JPS6353330A - Vertical pendulum type dynamic vibration reducer - Google Patents

Abstract

PURPOSE:To enable a long-period vibration to be damped by providing, on the tip of an arm, which makes a swinging movement by the aid of a supporting shaft on a supporting base, a dead weight, between the arm and the point making a relative motion, a viscoelastic body, and between the other strut and the arm, an elastic body respectively. CONSTITUTION:A dead weight 8 is provided on the tip of an arm 6 which makes a swinging movement by the aid of a supporting shaft 4 on a supporting base 2 which is extended at a structure 1, and an elastic body 12 is provided between a strut 10 and the arm 6, and then, a viscoelastic body 22 is provided between the arm 6 and the neighborhood of the base of the supporting base 2. In addition, a coil spring 14 is placed between a projection 3 which is extended at the structure 1. Thereby, the kinetic energy is converted to the thermal energy so as to be absorbed, and then, the characteristic frequency is adjusted by means of the angle alpha0 between the elastic body 12 and the arm 6, and the period is adjusted by means of the arm length and the spring constant. And therefore, while this device has a miniature and simple structure, it is enabled to damp a long-period vibration.

Description

DETAILED DESCRIPTION OF THE INVENTION [Field of Industrial Application] The present invention relates to a device for suppressing vertical vibrations of a structure such as a fishing bridge.

[Conventional technology]

FIG. 4 is an explanatory diagram showing an example of a conventional cantilever type dynamic vibration absorber. In the figure, 1 is a structure to be damped, 2 is a support provided on this structure 1, 4 is a support shaft interposed between this support 2 and arm 6, and 8 is provided on arm B. A dead weight,
12a is a balance spring spirally provided between the support base 2 and the arm 6.

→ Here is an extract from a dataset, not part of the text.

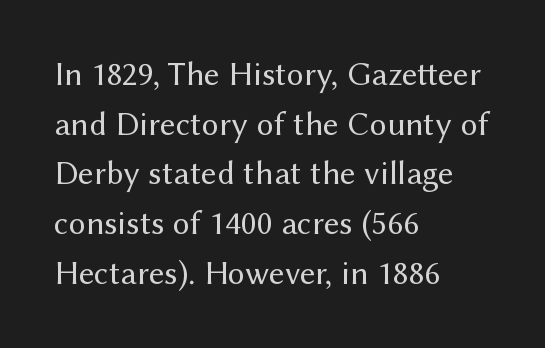
{"serif": "no", "italic": "no", "bold": "no", "weight": "regular", "width": "normal", "stroke_contrast": "medium", "x_height": "medium", "monospaced": "no", "underline": "no", "align": "left", "line_spacing": "normal", "line_spacing_ratio": 1.46, "letter_spacing": "normal", "letter_spacing_em": 0.0, "glyph_px": 34}

Next, this operation will be explained. f, M If the relic 1 is considered to be part of a fishing bridge, and is subjected to wind pressure in the lateral direction of the fishing bridge, that is, in the direction perpendicular to the plane of the paper, then the fishing bridge is subjected to strong vertical vibrations due to the Karman vortex. If the period of the natural vibration of the bridge girder matches the period of the Karman vortex generated by the wind, it will resonate and eventually break.

As a preventive measure, the cantilever type dynamic vibration absorber shown in Fig. 4 above is fixed to the bridge girder with its arm A aligned in the same direction, so that the natural frequency of the bridge girder and the natural frequency of the cantilever type dynamic vibration absorber are matched. If this is done, the vibration of the bridge girder will be converted into kinetic energy of the weight 8 of the dynamic vibration absorber, thereby preventing the bridge girder from being destroyed.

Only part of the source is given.